Exercise brief. For each entry, output its words exactly and leave any picture behind.

:: Extracted records

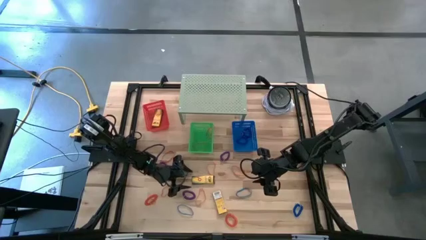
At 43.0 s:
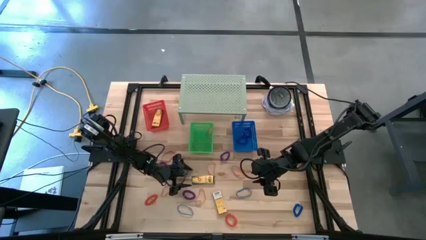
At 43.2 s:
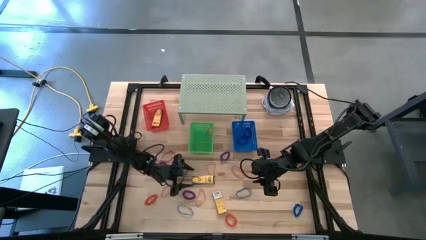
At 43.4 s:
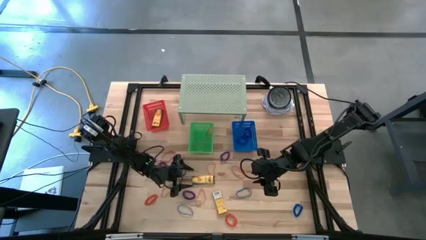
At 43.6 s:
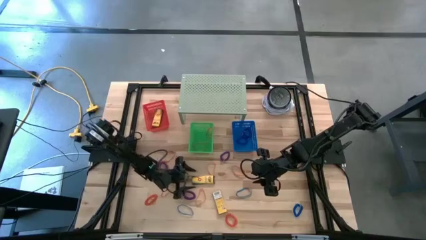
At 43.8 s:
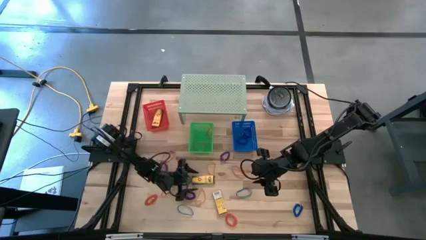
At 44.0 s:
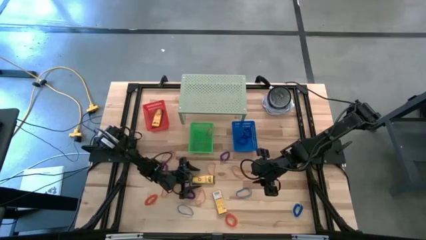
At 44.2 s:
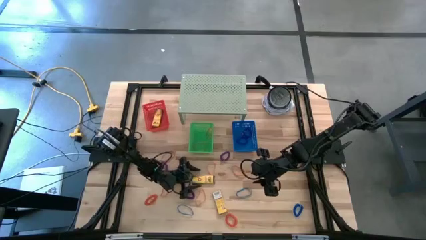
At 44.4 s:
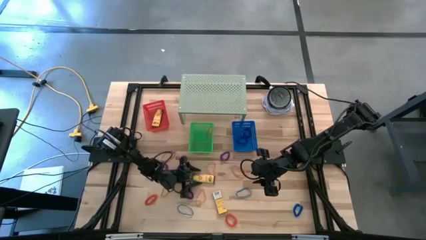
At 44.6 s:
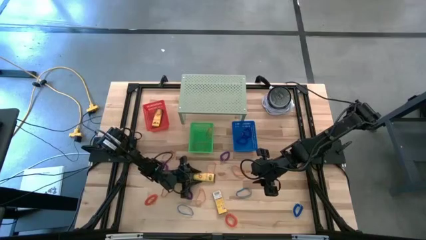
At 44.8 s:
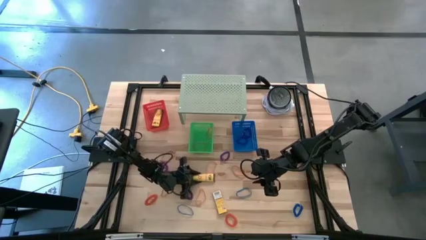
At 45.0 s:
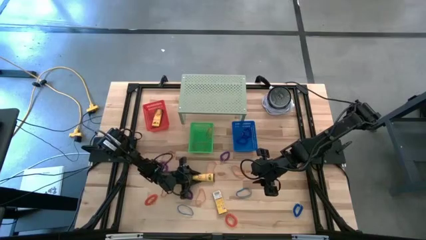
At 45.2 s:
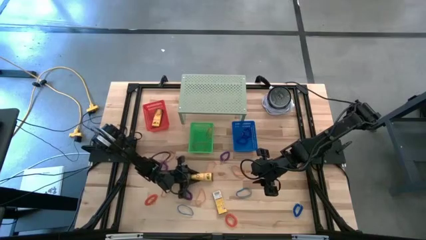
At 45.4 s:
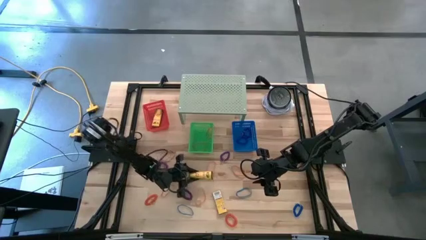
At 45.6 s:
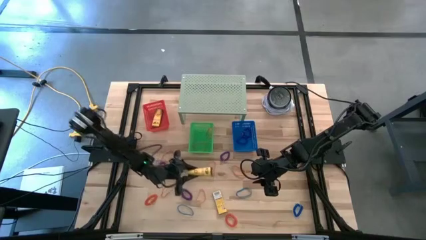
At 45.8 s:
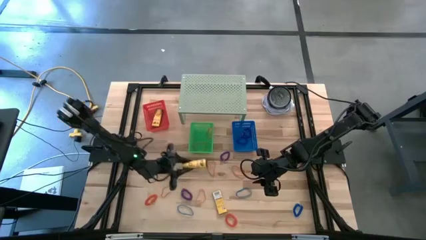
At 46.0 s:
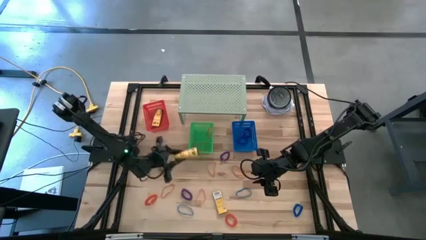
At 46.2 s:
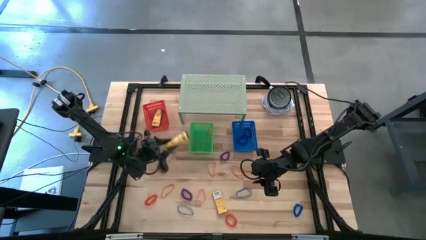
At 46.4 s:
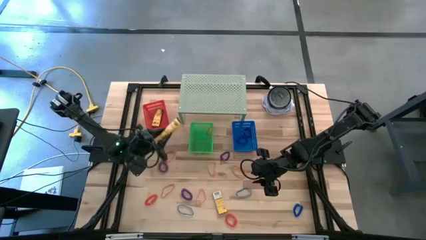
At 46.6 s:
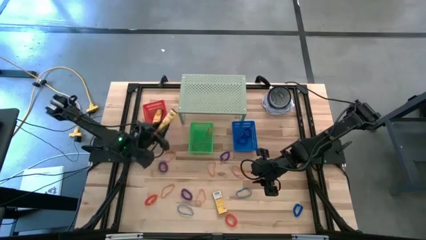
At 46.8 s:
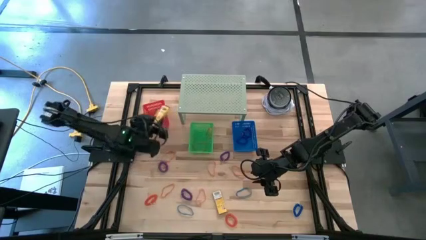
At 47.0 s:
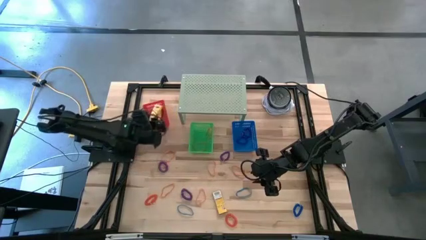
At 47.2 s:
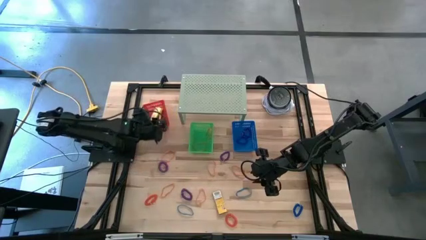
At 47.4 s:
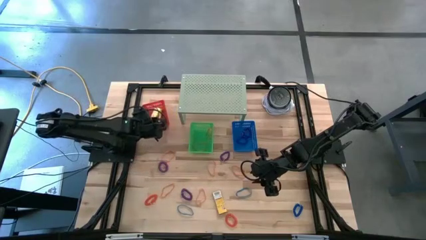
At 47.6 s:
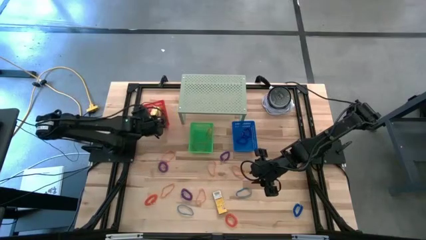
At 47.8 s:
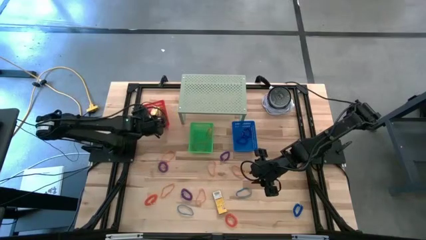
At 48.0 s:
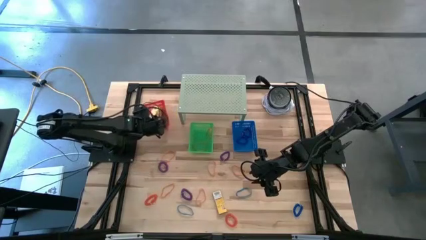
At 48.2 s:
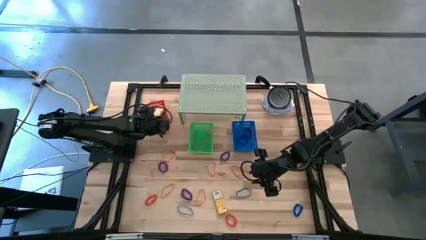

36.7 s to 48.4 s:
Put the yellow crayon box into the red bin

::::

Exercise output.
At 43.0 s:
At 43.2 s:
At 43.4 s:
At 43.6 s:
At 43.8 s:
At 44.0 s:
At 44.2 s:
At 44.4 s:
At 44.6 s:
At 44.8 s:
At 45.0 s:
At 45.2 s:
At 45.4 s:
At 45.6 s:
At 45.8 s:
At 46.0 s:
At 46.2 s:
At 46.4 s:
At 46.6 s:
At 46.8 s:
At 47.0 s:
At 47.2 s:
At 47.4 s:
At 47.6 s:
At 47.8 s:
At 48.0 s:
At 48.2 s:

36.7 s to 48.4 s:
Put the yellow crayon box into the red bin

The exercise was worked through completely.